High Nitrogen Supply Induces Physiological Responsiveness to Long Photoperiod in Barley

Photoperiod and the nutrient nitrogen influence growth, development and productivity in crop plants. In this study, physiological, biochemical and morpho-anatomical traits of two barley cultivars (NA5 and NA9) with contrasting photoperiod length were examined under the combined treatment of photoperiod regime and nitrogen supply.
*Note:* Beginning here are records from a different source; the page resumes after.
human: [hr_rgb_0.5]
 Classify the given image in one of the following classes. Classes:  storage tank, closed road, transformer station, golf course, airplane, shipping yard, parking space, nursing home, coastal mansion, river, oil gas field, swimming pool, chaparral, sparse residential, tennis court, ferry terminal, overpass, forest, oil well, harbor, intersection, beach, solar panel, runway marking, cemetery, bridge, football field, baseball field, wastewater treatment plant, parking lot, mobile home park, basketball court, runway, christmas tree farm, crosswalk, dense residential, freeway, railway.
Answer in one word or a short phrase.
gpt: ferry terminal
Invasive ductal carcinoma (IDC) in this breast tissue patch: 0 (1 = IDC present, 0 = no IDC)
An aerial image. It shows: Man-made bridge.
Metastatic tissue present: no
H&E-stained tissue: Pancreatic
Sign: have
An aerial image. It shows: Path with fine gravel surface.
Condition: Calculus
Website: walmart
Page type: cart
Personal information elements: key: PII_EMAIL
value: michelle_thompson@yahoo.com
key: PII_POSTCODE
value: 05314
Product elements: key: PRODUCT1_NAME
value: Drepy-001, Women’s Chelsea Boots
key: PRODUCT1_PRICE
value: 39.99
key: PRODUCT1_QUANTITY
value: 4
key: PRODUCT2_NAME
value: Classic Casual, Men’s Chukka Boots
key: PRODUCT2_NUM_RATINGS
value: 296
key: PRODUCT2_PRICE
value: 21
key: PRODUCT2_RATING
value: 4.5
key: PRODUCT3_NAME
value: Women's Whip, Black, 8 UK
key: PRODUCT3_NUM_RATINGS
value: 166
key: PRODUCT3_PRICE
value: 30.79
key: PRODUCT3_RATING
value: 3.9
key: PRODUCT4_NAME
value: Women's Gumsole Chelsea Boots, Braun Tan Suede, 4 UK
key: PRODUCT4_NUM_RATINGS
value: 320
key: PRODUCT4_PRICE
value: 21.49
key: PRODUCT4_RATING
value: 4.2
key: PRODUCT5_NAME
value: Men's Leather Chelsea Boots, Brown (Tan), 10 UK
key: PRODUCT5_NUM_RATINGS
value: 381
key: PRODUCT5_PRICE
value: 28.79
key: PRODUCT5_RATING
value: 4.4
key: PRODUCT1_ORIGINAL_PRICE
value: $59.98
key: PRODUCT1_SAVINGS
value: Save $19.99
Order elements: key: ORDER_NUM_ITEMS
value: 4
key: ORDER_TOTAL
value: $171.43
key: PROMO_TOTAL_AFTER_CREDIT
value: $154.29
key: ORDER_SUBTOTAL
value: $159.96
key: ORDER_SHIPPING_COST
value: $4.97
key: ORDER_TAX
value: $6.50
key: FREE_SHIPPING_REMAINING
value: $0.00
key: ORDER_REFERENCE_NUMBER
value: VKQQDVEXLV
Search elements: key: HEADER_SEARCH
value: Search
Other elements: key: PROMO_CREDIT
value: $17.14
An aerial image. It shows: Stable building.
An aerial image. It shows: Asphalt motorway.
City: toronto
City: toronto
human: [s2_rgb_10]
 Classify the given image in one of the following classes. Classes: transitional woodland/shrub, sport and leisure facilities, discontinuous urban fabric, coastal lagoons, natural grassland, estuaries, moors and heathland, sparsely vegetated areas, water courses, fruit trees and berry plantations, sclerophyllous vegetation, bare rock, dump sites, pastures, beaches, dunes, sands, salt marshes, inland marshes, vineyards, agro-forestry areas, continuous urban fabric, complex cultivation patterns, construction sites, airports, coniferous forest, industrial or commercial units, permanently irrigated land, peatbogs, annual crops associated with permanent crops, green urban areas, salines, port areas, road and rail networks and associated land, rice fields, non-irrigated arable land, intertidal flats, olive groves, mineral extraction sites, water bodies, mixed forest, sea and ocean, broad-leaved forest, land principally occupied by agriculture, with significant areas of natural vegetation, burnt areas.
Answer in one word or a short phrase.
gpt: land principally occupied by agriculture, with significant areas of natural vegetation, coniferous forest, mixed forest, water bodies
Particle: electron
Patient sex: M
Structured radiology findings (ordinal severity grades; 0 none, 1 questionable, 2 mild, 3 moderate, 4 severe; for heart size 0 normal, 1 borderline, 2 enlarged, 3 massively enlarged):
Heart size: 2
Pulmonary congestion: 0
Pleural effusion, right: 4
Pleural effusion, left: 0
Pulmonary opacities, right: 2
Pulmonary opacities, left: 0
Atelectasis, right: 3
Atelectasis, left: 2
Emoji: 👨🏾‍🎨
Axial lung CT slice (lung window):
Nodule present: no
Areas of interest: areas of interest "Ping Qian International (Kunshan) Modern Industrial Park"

Under long photoperiod, high nitrogen decreased the net photosynthesis, chlorophyll a, chlorophyll a/b, antioxidant enzyme activities of ascorbate peroxidase (APX), catalase (CAT) and superoxide dismutase (SOD), the concentration of ascorbate (AsA), glutathione (GSH), soluble protein and soluble sugar and destroyed the mesophyll cell integrity, while increased O2•-, malonaldehyde (MDA) and proline (Pro) in both NA5 and NA9. Under short photoperiod, high nitrogen increased the net photosynthesis, chlorophyll a, chlorophyll a/b, activities of APX, CAT and SOD, antioxidants, soluble protein and soluble sugar in NA9 but decreased these above parameters in NA5. These results indicated that photosynthetic capacity and reactive oxygen species balance was strongly affected by the nitrogen supply level in response to short and long photoperiod. High nitrogen enhanced sensitivity to photoperiod change in long day barley by inhibiting photosynthesis and decreasing antioxidant defense ability and mitigated undesirable effects of shortening photoperiod in short day barley. Therefore, the data from this study indicated that nitrogen status affect adaptation to photoperiod change due to redox homeostasis and maintaining photosynthetic capacity.